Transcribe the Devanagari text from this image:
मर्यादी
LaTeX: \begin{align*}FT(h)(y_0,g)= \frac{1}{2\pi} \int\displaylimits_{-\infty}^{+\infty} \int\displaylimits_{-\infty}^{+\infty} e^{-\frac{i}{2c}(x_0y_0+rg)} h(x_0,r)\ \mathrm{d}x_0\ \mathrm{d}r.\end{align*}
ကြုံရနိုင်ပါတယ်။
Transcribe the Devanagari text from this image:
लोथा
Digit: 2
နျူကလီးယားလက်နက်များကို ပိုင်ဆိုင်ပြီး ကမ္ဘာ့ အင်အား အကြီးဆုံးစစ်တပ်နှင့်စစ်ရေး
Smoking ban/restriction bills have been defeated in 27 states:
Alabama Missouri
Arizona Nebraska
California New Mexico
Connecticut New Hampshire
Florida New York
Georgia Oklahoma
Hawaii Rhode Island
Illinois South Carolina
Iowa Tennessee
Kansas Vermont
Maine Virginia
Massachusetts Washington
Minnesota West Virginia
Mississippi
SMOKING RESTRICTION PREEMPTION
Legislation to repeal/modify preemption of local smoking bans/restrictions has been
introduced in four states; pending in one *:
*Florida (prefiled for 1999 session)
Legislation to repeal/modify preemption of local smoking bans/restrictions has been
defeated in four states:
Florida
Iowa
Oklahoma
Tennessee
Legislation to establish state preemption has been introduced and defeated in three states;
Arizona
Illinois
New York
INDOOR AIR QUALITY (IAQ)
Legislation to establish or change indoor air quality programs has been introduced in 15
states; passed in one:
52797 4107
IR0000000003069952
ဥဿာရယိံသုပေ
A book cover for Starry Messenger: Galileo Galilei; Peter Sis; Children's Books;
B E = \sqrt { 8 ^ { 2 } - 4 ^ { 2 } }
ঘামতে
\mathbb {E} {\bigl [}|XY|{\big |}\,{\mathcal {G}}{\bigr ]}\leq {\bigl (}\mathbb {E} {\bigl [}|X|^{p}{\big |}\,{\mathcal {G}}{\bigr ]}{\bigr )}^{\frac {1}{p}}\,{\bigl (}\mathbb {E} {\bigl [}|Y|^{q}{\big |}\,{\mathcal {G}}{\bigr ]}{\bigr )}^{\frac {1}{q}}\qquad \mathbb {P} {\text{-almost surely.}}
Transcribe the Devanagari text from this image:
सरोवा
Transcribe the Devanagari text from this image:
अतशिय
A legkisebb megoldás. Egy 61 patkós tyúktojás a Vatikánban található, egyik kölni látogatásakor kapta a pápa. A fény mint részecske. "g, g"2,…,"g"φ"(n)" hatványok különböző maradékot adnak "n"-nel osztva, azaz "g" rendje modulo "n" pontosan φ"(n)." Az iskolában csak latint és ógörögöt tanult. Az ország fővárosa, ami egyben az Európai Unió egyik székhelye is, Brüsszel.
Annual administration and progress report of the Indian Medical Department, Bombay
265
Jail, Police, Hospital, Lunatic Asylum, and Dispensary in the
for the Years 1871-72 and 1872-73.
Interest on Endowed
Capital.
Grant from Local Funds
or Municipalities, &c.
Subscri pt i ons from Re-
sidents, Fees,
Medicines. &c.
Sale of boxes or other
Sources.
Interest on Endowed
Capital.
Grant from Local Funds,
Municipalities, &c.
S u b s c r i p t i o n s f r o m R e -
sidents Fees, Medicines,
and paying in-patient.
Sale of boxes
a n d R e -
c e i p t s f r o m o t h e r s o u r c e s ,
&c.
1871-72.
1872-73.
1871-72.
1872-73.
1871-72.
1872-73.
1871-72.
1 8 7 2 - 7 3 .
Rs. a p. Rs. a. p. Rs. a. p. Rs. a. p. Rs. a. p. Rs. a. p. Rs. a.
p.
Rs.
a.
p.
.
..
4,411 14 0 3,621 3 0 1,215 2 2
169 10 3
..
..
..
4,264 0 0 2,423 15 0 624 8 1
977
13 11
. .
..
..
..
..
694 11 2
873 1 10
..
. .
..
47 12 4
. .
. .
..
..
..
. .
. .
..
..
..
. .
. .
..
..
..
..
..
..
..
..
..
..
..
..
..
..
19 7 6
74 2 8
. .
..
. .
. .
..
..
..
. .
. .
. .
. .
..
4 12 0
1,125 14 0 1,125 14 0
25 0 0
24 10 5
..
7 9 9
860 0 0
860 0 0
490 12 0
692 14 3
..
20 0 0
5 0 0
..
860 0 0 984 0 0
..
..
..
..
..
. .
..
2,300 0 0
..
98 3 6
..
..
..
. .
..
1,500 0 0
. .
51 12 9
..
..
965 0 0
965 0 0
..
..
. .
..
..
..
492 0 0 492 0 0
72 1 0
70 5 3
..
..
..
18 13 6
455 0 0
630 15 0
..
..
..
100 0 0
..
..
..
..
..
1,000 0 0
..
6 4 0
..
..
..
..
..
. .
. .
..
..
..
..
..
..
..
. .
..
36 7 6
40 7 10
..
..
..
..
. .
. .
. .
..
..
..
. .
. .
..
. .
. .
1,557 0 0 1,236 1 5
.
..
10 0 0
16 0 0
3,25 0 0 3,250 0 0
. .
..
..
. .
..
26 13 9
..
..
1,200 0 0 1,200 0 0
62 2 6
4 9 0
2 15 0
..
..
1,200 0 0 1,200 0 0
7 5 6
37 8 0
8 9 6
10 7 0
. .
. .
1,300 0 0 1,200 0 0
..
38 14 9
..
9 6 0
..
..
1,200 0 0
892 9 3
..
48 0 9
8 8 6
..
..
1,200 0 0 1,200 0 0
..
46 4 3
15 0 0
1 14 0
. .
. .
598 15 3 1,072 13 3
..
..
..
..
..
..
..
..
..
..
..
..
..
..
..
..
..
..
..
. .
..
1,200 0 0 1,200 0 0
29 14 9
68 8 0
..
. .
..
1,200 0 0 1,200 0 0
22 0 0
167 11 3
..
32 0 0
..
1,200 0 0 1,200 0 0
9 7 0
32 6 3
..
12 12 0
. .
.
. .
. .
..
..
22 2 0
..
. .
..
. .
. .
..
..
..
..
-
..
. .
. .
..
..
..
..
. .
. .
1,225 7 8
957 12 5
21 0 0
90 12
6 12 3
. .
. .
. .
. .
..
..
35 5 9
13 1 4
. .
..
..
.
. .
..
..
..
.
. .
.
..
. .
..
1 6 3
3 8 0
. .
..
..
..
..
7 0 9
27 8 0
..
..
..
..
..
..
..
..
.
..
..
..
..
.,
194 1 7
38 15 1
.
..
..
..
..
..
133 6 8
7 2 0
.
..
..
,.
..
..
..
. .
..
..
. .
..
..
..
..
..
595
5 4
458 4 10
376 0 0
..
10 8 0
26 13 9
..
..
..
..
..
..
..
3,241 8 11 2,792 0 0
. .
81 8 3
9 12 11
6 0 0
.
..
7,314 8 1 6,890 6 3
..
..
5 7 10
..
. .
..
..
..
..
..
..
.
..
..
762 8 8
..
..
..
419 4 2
■ ■ ■ ■ ■ ■ ■
Write out all the data again, exactly as it appears.

Transcribe the Devanagari text from this image:
मर्यादी
LaTeX: \begin{align*}FT(h)(y_0,g)= \frac{1}{2\pi} \int\displaylimits_{-\infty}^{+\infty} \int\displaylimits_{-\infty}^{+\infty} e^{-\frac{i}{2c}(x_0y_0+rg)} h(x_0,r)\ \mathrm{d}x_0\ \mathrm{d}r.\end{align*}
ကြုံရနိုင်ပါတယ်။
Transcribe the Devanagari text from this image:
लोथा
Digit: 2
နျူကလီးယားလက်နက်များကို ပိုင်ဆိုင်ပြီး ကမ္ဘာ့ အင်အား အကြီးဆုံးစစ်တပ်နှင့်စစ်ရေး
Smoking ban/restriction bills have been defeated in 27 states:
Alabama Missouri
Arizona Nebraska
California New Mexico
Connecticut New Hampshire
Florida New York
Georgia Oklahoma
Hawaii Rhode Island
Illinois South Carolina
Iowa Tennessee
Kansas Vermont
Maine Virginia
Massachusetts Washington
Minnesota West Virginia
Mississippi
SMOKING RESTRICTION PREEMPTION
Legislation to repeal/modify preemption of local smoking bans/restrictions has been
introduced in four states; pending in one *:
*Florida (prefiled for 1999 session)
Legislation to repeal/modify preemption of local smoking bans/restrictions has been
defeated in four states:
Florida
Iowa
Oklahoma
Tennessee
Legislation to establish state preemption has been introduced and defeated in three states;
Arizona
Illinois
New York
INDOOR AIR QUALITY (IAQ)
Legislation to establish or change indoor air quality programs has been introduced in 15
states; passed in one:
52797 4107
IR0000000003069952
ဥဿာရယိံသုပေ
A book cover for Starry Messenger: Galileo Galilei; Peter Sis; Children's Books;
B E = \sqrt { 8 ^ { 2 } - 4 ^ { 2 } }
ঘামতে
\mathbb {E} {\bigl [}|XY|{\big |}\,{\mathcal {G}}{\bigr ]}\leq {\bigl (}\mathbb {E} {\bigl [}|X|^{p}{\big |}\,{\mathcal {G}}{\bigr ]}{\bigr )}^{\frac {1}{p}}\,{\bigl (}\mathbb {E} {\bigl [}|Y|^{q}{\big |}\,{\mathcal {G}}{\bigr ]}{\bigr )}^{\frac {1}{q}}\qquad \mathbb {P} {\text{-almost surely.}}
Transcribe the Devanagari text from this image:
सरोवा
Transcribe the Devanagari text from this image:
अतशिय
A legkisebb megoldás. Egy 61 patkós tyúktojás a Vatikánban található, egyik kölni látogatásakor kapta a pápa. A fény mint részecske. "g, g"2,…,"g"φ"(n)" hatványok különböző maradékot adnak "n"-nel osztva, azaz "g" rendje modulo "n" pontosan φ"(n)." Az iskolában csak latint és ógörögöt tanult. Az ország fővárosa, ami egyben az Európai Unió egyik székhelye is, Brüsszel.
Annual administration and progress report of the Indian Medical Department, Bombay
265
Jail, Police, Hospital, Lunatic Asylum, and Dispensary in the
for the Years 1871-72 and 1872-73.
Interest on Endowed
Capital.
Grant from Local Funds
or Municipalities, &c.
Subscri pt i ons from Re-
sidents, Fees,
Medicines. &c.
Sale of boxes or other
Sources.
Interest on Endowed
Capital.
Grant from Local Funds,
Municipalities, &c.
S u b s c r i p t i o n s f r o m R e -
sidents Fees, Medicines,
and paying in-patient.
Sale of boxes
a n d R e -
c e i p t s f r o m o t h e r s o u r c e s ,
&c.
1871-72.
1872-73.
1871-72.
1872-73.
1871-72.
1872-73.
1871-72.
1 8 7 2 - 7 3 .
Rs. a p. Rs. a. p. Rs. a. p. Rs. a. p. Rs. a. p. Rs. a. p. Rs. a.
p.
Rs.
a.
p.
.
..
4,411 14 0 3,621 3 0 1,215 2 2
169 10 3
..
..
..
4,264 0 0 2,423 15 0 624 8 1
977
13 11
. .
..
..
..
..
694 11 2
873 1 10
..
. .
..
47 12 4
. .
. .
..
..
..
. .
. .
..
..
..
. .
. .
..
..
..
..
..
..
..
..
..
..
..
..
..
..
19 7 6
74 2 8
. .
..
. .
. .
..
..
..
. .
. .
. .
. .
..
4 12 0
1,125 14 0 1,125 14 0
25 0 0
24 10 5
..
7 9 9
860 0 0
860 0 0
490 12 0
692 14 3
..
20 0 0
5 0 0
..
860 0 0 984 0 0
..
..
..
..
..
. .
..
2,300 0 0
..
98 3 6
..
..
..
. .
..
1,500 0 0
. .
51 12 9
..
..
965 0 0
965 0 0
..
..
. .
..
..
..
492 0 0 492 0 0
72 1 0
70 5 3
..
..
..
18 13 6
455 0 0
630 15 0
..
..
..
100 0 0
..
..
..
..
..
1,000 0 0
..
6 4 0
..
..
..
..
..
. .
. .
..
..
..
..
..
..
..
. .
..
36 7 6
40 7 10
..
..
..
..
. .
. .
. .
..
..
..
. .
. .
..
. .
. .
1,557 0 0 1,236 1 5
.
..
10 0 0
16 0 0
3,25 0 0 3,250 0 0
. .
..
..
. .
..
26 13 9
..
..
1,200 0 0 1,200 0 0
62 2 6
4 9 0
2 15 0
..
..
1,200 0 0 1,200 0 0
7 5 6
37 8 0
8 9 6
10 7 0
. .
. .
1,300 0 0 1,200 0 0
..
38 14 9
..
9 6 0
..
..
1,200 0 0
892 9 3
..
48 0 9
8 8 6
..
..
1,200 0 0 1,200 0 0
..
46 4 3
15 0 0
1 14 0
. .
. .
598 15 3 1,072 13 3
..
..
..
..
..
..
..
..
..
..
..
..
..
..
..
..
..
..
..
. .
..
1,200 0 0 1,200 0 0
29 14 9
68 8 0
..
. .
..
1,200 0 0 1,200 0 0
22 0 0
167 11 3
..
32 0 0
..
1,200 0 0 1,200 0 0
9 7 0
32 6 3
..
12 12 0
. .
.
. .
. .
..
..
22 2 0
..
. .
..
. .
. .
..
..
..
..
-
..
. .
. .
..
..
..
..
. .
. .
1,225 7 8
957 12 5
21 0 0
90 12
6 12 3
. .
. .
. .
. .
..
..
35 5 9
13 1 4
. .
..
..
.
. .
..
..
..
.
. .
.
..
. .
..
1 6 3
3 8 0
. .
..
..
..
..
7 0 9
27 8 0
..
..
..
..
..
..
..
..
.
..
..
..
..
.,
194 1 7
38 15 1
.
..
..
..
..
..
133 6 8
7 2 0
.
..
..
,.
..
..
..
. .
..
..
. .
..
..
..
..
..
595
5 4
458 4 10
376 0 0
..
10 8 0
26 13 9
..
..
..
..
..
..
..
3,241 8 11 2,792 0 0
. .
81 8 3
9 12 11
6 0 0
.
..
7,314 8 1 6,890 6 3
..
..
5 7 10
..
. .
..
..
..
..
..
..
.
..
..
762 8 8
..
..
..
419 4 2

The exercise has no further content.